Georges Papandréou, le premier ministre grec, a déclaré que le moment était " unique ". Làszlo Andor, le commissaire européen à l'emploi, l'a qualifié " d'historique ". Moins lyriques, Dominique Strauss-Kahn, directeur général du Fonds monétaire international (FMI), et Juan Somavia, son alter ego de l'Organisation internationale du travail (OIT), les deux coprésidents de la conférence sur la croissance et l'emploi qui s'est tenue à Oslo, lundi 13 septembre, ont estimé que cette manifestation représentait un " pas important " pour que la croissance profite enfin à tous.
La tenue de cette conférence, son thème même, représentent une petite révolution pour le FMI, qui s'était acquis une réputation de " Père Fouettard " imposant aux pays en difficulté de tailler dans leurs dépenses, notamment de protection sociale. Comme l'a souligné José Luis Rodriguez Zapatero, le premier ministre espagnol, le Fonds a " changé de visage ".
Il ne s'occupait que de macroéconomie et la pratiquait façon " consensus de Washington ", c'est-à-dire sur un mode ultra-libéral. Le voici qui cosigne avec l'OIT un document soulignant les dégâts humains provoqués par une crise qui a fait basculer 34 millions de travailleurs dans le chômage depuis 2007 : l'espérance de vie des demandeurs d'emploi réduite de 1 à 1,5 année ; le redoublement en cours de scolarité pour leurs enfants qui gagneront, en moyenne, 10 % de moins que ceux des non-chômeurs ; l'impossibilité de tirer de la misère 1,3 milliard de personnes vivant avec moins de 2 dollars par jour, etc.
Thème cher à l'OIT qui en a fait l'un de ses chevaux de bataille, l'annonce publiée au soir de la conférence d'Oslo qu'ensemble, les deux institutions " exploreront le concept d'un plancher de protection sociale pour les populations pauvres ou vulnérables ", achève de brouiller l'image d'un FMI au coeur sec.
Tel était le but poursuivi par M. Strauss-Kahn qui, mois après mois, s'emploie à tirer de sa gangue comptable un " nouveau FMI " plus soucieux d'humain. " La croissance n'est pas tout ; encore faut-il qu'elle procure des emplois décents, a-t-il souligné. C'est le début d'une nouvelle façon de voir l'économie. "
Un défi de taille
Ce souci va jusqu'à pousser le FMI à se poser, avec l'OIT, une question iconoclaste : " Les inégalités de revenus nées de la mondialisation ne constituent-elles pas un obstacle à la croissance et à la stabilité économique ? " Encore sans réponse, cette interrogation est une " première " pour le Fonds dont l'alpha et l'oméga étaient le laisser-faire.

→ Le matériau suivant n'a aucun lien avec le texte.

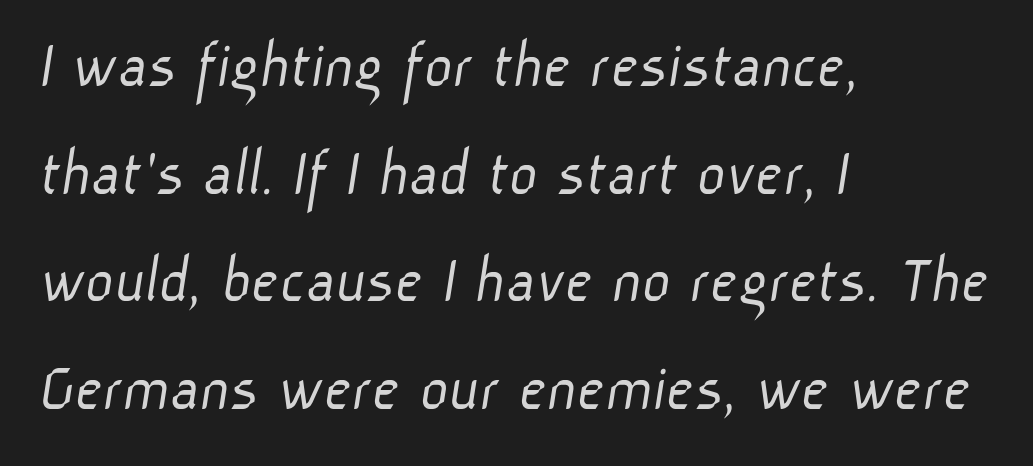
The image shows 69 px light sans-serif type; set left-aligned, normal line spacing (1.56x), normal letter spacing, not underlined; low stroke contrast and a medium x-height.
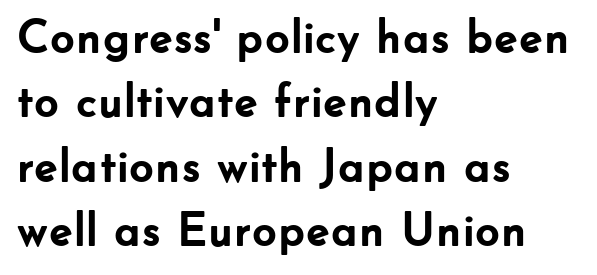
Q: Is the text bold? A: Yes.
Q: Is the text italic (slanted)? A: No, it is upright.
Q: Is the typeface a serif or a sans-serif typeface? A: Sans-serif.
Q: Is the text underlined? A: No.
Q: How is the paragraph aligned? A: Left-aligned.
Q: Is the spacing between letters normal or unusually wide? A: Normal.
Q: Is the spacing between lines tight, normal or loose? A: Normal.
Q: Width (condensed, normal, or wide)? A: Normal.
Q: Stroke contrast? A: Low.
Q: x-height? A: Small.
Q: Monospaced? A: No.
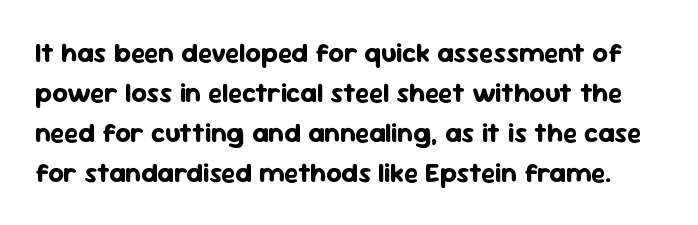
Q: Is the text bold? A: Yes.
Q: Is the text italic (slanted)? A: No, it is upright.
Q: Is the text underlined? A: No.
Q: Is the spacing between letters normal or unusually wide? A: Normal.
Q: Is the spacing between lines tight, normal or loose? A: Normal.
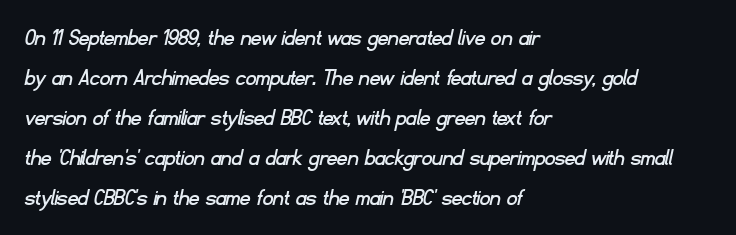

M. Somavia n'est pas peu fier de son coup. Il y a deux ans, il avait persuadé l'Organisation mondiale du commerce (OMC) de mettre du social dans son libre-échange. Avec la complicité de M. Strauss-Kahn, il promeut encore un peu plus son objectif de prédilection. " Il faut faire figurer l'emploi décent parmi les objectifs macroéconomiques au même titre que la maîtrise de l'inflation ou l'équilibre des comptes publics, nous a-t-il déclaré. Et non le considérer comme une résultante des politiques macroéconomiques. Nous voulons changer les priorités et mettre l'homme au coeur de nos économies. "
La prochaine " victime " de son combat en faveur de cette croissance recentrée ? La Banque mondiale, dont le rapport " Doing Business " juge les codes du travail comme un obstacle à l'investissement et qui note mal les pays dotés d'une solide législation en la matière.
Le FMI est-il devenu social-démocrate pour autant ? C'est aller un peu vite. Certes, au cours de ses derniers sauvetages, il a conseillé aux gouvernements de protéger les plus défavorisés, comme au Pakistan ou en Hongrie. Pourtant, il demeure un " médecin ", selon la métaphore de M. Strauss-Kahn, celui qui administre des potions amères et prescrit une diète sévère aux pays malades de leurs excès, comme la Grèce.
Les syndicats présents à Oslo ne s'y sont pas trompés. Certes, ils applaudissent la mutation de l'institution de Washington, mais demandent à voir. Echaudée par les promesses non tenues des G20 de Londres et de Pittsburgh (Etats-Unis), Sharan Burrow, secrétaire général de la Confédération syndicale internationale (CSI), a donc " mis au défi le FMI et l'OIT " de mener à bien leur projet de défendre ensemble une croissance riche en emplois. Un défi de taille : sont en jeu les 440 millions d'emplois qu'il faudra créer dans les dix ans seulement pour accueillir les jeunes arrivant sur le marché du travail.